Algorithm for finding n-2 permutation (with repeats) given lexicographic index

The permutation with a given rank from a set of n numbers can be calculated by converting the rank to a base-n number, and interpreting its digits as 0-based indexes:

set: [1,2,3,4]
0-based rank: 9
9 in base-4: 21
0-based indexes: [2,1]
permutation: [3,2]

set: [a,b,c,d,e]
0-based rank: 64
64 in base-5: 224
0-based indexes: [2,2,4]
permutation: [c,c,e]

Something like this should do the trick, where set is an array of int containing n numbers, and perm is an array of int large enough to hold n-2 numbers:

void permutation(int *set, int n, int rank, int *perm) {
    for (int k = n - 2; k > 0; --k) {
        perm[k - 1] = set[rank % n];
        rank /= n;
    }
}

(The above code assumes valid input)

This is not a programming problem but more about understanding. A Prufer sequency it's a serie or linear application used to label each posible permutation of a set of numbers, beign each identification unique; so, you can define your Prufer sequency for [a0, a1, a2, ..., an-1] as, for example

S = [a0,a1, ..., an-1], S in N

S -Prufer-> S x S

0 --------> [a0, a0]
1 --------> [a0, a1]
      ...
n-1 ------> [a0, an-1]
n --------> [a1, a0]
n+1 ------> [a1, a1]
      ...
2n-1 -----> [a1, an-1]
2n -------> [a2, a0]
2n+1 -----> [a2, a1]

and so on... Then, in a general way, you can just determine permutation with index i as

P(i) = [a_sub_(i/n), a_sub(i modulus n)].
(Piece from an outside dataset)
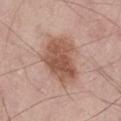This lesion was catalogued during total-body skin photography and was not selected for biopsy. Longest diameter approximately 6.5 mm. A 15 mm close-up tile from a total-body photography series done for melanoma screening. Located on the lower back. Imaged with white-light lighting. The lesion-visualizer software estimated a lesion color around L≈55 a*≈21 b*≈28 in CIELAB, about 12 CIELAB-L* units darker than the surrounding skin, and a normalized border contrast of about 8. It also reported an automated nevus-likeness rating near 85 out of 100 and a lesion-detection confidence of about 100/100. A male subject, about 65 years old.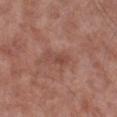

Note that this Prufer serie as example it's just a trivial one: you can define your own, keeping in mind that it must always identify the whole permutation set and as well make each identification unique (that is, a biyective linear application in basic Algebra)

Here's some JavaScript code for m69's idea:

function f(rank, arr){
  var n = arr.length,
      res = new Array(n - 2).fill(arr[0]),
      i = n - 3;
 
  while (rank){
    res[i--] = arr[rank % n];
    rank = Math.floor(rank / n); 
  }
  
  return res;
}

console.log(f(64, ['a','b','c','d','e']));